Zweifache Mutter hilft mit ihrer Stiftung Kindern in Not

Hamburg (dpa). So gequält hat sie sich seit Jahren nicht mehr auf einem Tennisplatz. »Es ist schön, zwischendurch mal wieder den Schläger in der Hand zu halten. Ich habe dieses Jahr vielleicht zehn, zwölf Mal auf dem Platz gestanden und damit mehr Tennis gespielt als in den letzten fünf, sechs Jahren«, erzählt Steffi Graf (35) und lüftet das Geheimnis ihrer bevorstehenden Rückkehr ins Tennis-Geschäft.
Drücken Andre Agassi die Daumen: Steffi Graf und Sohn Jaden Gil.

»Im Oktober oder November wollen wir so etwas wie im vergangenen Herbst in Berlin wieder machen. Ich will versuchen, pro Jahr in Deutschland einen Showkampf zu machen, zu Gunsten meiner Stiftung 'Children for Tomorrow'.«
Und schon in diesem Sommer steht ein anderer Wettkampf an. »Naja, Wettkampf-Tennis wird man das nicht unbedingt nennen können«, relativiert sie schmunzelnd.
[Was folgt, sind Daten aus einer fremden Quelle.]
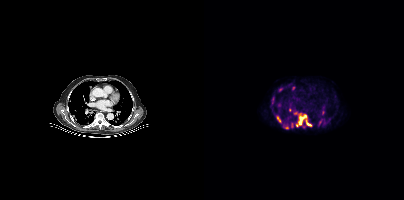
{"pet_grid":[200,200],"coord_frame":"pet_panel","coord_format":"x0,y0,x1,y1","partial":true,"lesion_bboxes":[[90,112,108,126],[73,116,77,122],[67,97,70,101],[118,110,120,114]],"small_foci_centers":[[76,89],[82,127],[89,88],[85,109]],"modality":"PSMA PET/CT","view":"axial","tracer":"[18F]PSMA-1007"}
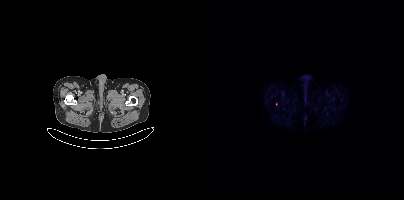
Only PSMA-avid lesion pieces thinner than 2 px on this slice (not listed).
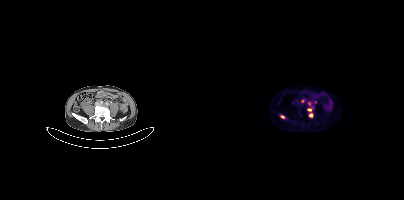
{"modality":"PSMA PET/CT","view":"axial","tracer":"68Ga","pet_grid":[200,200],"coord_frame":"pet_panel","coord_format":"x0,y0,x1,y1","lesion_bboxes":[[103,107,109,111],[105,113,109,117],[76,115,80,118]],"small_foci_centers":[[105,103],[98,101],[111,101]]}
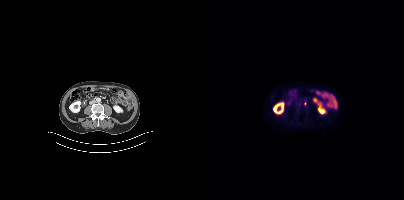
Coordinates are on the 200×200 PET (right) panel. Small PSMA-avid focus (2 to 4 px across) near (center x, center y): (100, 103).
modality: PSMA PET/CT | tracer: 18F-PSMA | view: axial | PET grid: 200×200
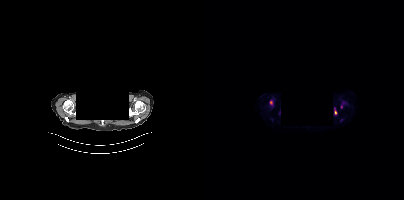
Technique: Left: CT. Right: PSMA PET, same axial level, 18F tracer. slice position z = -942 mm.
Note: Face de-identified by blanking a block of the head.
Findings: Coordinates are on the 200×200 PET (right) panel. (showing 2 of 4 foci) PSMA-avid tumor lesion bounding box (x, y, width, height): x=130 y=108 w=3 h=7. Small PSMA-avid focus (2 to 4 px across) near (center x, center y): (67, 102).
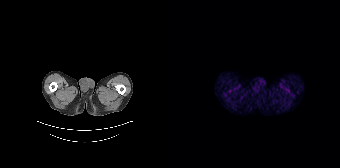
Findings: No PSMA-avid tumor lesions on this slice.
- Paired axial CT (left) and PSMA PET (right), 68Ga tracer
- acquired on Siemens Biograph 64-4R TruePoint
- slice position z = -944 mm
- PET panel 168×168 px (4.1 mm/px)
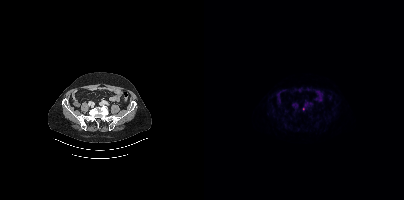
Coordinates are on the 200×200 PET (right) panel. Small PSMA-avid focus (2 to 4 px across) near (center x, center y): (99, 109).
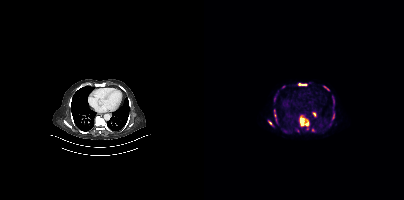
Paired axial CT (left) and PSMA PET (right), 68Ga-PSMA tracer. Slice 262 of 397. PET panel 200×200 px (4.1 mm/px). Coordinates are on the 200×200 PET (right) panel. (showing 10 of 11 foci) PSMA-avid tumor lesion bounding boxes (x, y, width, height): x=96 y=117 w=9 h=10 | x=95 y=83 w=8 h=3 | x=128 y=114 w=3 h=5 | x=121 y=87 w=5 h=4 | x=70 y=98 w=2 h=5. Small PSMA-avid foci (2 to 4 px across) near (center x, center y): (65, 122) | (71, 115) | (70, 111) | (72, 120) | (108, 129).
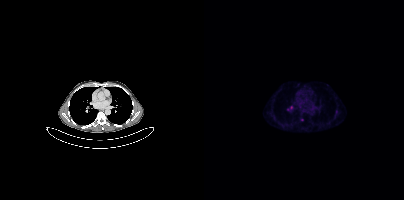
Two-panel axial: CT | PSMA PET, [68Ga]Ga-PSMA-11 tracer. PET panel 200×200 px (4.1 mm/px). Coordinates are on the 200×200 PET (right) panel. Small PSMA-avid foci (2 to 4 px across) near (center x, center y): (86, 107), (83, 109), (97, 119).
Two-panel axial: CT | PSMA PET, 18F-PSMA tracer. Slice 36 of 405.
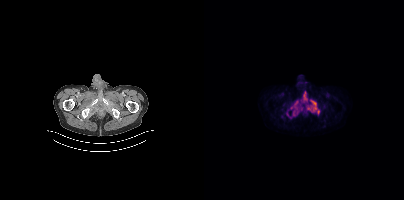
Coordinates are on the 200×200 PET (right) panel. PSMA-avid tumor lesion bounding boxes (partial; 2 more foci not listed):
| # | x0 | y0 | x1 | y1 |
|---|---|---|---|---|
| 1 | 103 | 99 | 115 | 113 |
| 2 | 87 | 100 | 94 | 115 |
| 3 | 99 | 91 | 103 | 102 |
Small PSMA-avid foci (2 to 4 px across) near (center x, center y): (83, 113); (97, 109).
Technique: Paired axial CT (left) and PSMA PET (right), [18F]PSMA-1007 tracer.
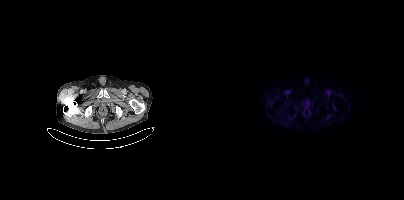
Findings: This slice has no annotated PSMA-avid lesion.
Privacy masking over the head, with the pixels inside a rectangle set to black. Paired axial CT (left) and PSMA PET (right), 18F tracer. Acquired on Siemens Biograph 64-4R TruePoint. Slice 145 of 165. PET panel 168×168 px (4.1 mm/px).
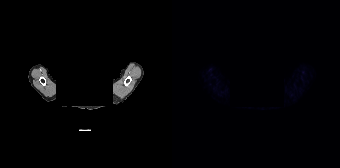
Negative for PSMA-avid disease on this slice.
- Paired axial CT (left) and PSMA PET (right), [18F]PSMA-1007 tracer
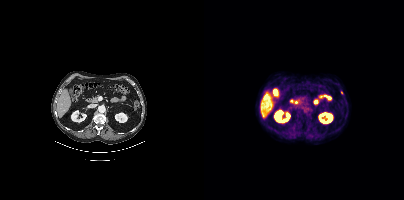
Findings: Coordinates are on the 200×200 PET (right) panel. Small PSMA-avid focus (2 to 4 px across) near (center x, center y): (137, 92).
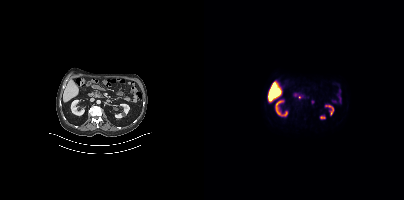
{"pet_grid":[200,200],"coord_frame":"pet_panel","coord_format":"x0,y0,x1,y1","psma_avid_lesions":false,"modality":"PSMA PET/CT","view":"axial","tracer":"18F"}

Ein Spiel wolle sie im Kreis anderer Tennisstars bei der amerikanischen World-Team-Tennis-Serie bestreiten »und dann schaue ich mal, wie fit ich bin«. Ihr Mann Andre Agassi und auch Thomas Haas spielen mit bei dem Freizeitspaß, der den »Weißen Sport« wieder populärer machen soll.
Die Initiatorin Billy Jean King hatte Steffi Graf überredet und nicht mehr locker gelassen, als die versuchte, ihre Zusage rückgängig zu machen. Aus dem einen Auftritt soll aber keine Regelmäßigkeit werden. »Meine Zeit verbringe ich doch lieber mit den Kindern«, sagt die Jahrhundertsportlerin und streicht Tochter Jaz Elle (18 Monate) durch die blonden Locken.
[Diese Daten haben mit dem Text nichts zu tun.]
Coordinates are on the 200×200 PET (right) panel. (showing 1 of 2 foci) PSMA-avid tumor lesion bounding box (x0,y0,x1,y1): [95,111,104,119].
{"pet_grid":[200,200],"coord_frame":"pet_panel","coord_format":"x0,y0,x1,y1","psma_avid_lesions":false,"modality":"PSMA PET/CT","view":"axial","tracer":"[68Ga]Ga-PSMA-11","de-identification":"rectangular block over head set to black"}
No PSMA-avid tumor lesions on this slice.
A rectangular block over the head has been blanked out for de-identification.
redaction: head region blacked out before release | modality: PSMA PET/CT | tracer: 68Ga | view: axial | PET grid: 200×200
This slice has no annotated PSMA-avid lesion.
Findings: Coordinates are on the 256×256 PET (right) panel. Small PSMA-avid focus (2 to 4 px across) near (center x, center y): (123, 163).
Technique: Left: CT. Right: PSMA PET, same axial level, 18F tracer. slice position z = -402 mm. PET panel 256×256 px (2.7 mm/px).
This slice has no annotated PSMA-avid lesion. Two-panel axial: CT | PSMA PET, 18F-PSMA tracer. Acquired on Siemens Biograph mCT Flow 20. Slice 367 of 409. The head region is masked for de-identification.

Es ist Frühling in Deutschland, und die Familie Graf/Agassi ist zur Sandplatz-Tennissaison nach Europa und erstmals seit vier Jahren auch wieder an den Hamburger Rothenbaum gekommen. Wenn die Natur erwacht, zieht es Steffi Graf alljährlich aus der Wüste Nevadas in die Heimat. Blühende Rapsfelder, Spielplätze unter grünen Bäumen. Doch es wartet auch viel Arbeit auf die Stifterin, die in der Werbung einen hohen Stellenwert hat, »weil sie authentisch ist«, wie die Geschäftspartner betonen. Und die neuen Projekte ihrer Stiftung »Children for Tomorrow«, die sie Ende Mai nach Nordafrika führen werden, müssen vorbereitet werden.
Der Terminkalender ist voll, und trotzdem sieht Steffi Graf fit, gesund und rundum glücklich aus. Das Reisen mit zwei kleinen Kindern ist zur Routine geworden, auch wenn die Flüge durch die Zeitzonen manch schlaflose Nacht bescheren. Aber die Familie will natürlich so oft wie möglich beisammen sein. Und Steffi Graf freut sich besonders, wenn ihr Mann vor deutschem Publikum spielt. So wie in Hamburg, wo sich nicht nur der Sitz ihrer Stiftung befindet. »Außerdem habe ich hier gute Freunde und auch schöne Erinnerungen an das Turnier.« Sechs Mal konnte sie das Damenturnier am Rothenbaum gewinnen, bevor sie vor sechs Jahren endgültig mit dem Tennis aufhörte.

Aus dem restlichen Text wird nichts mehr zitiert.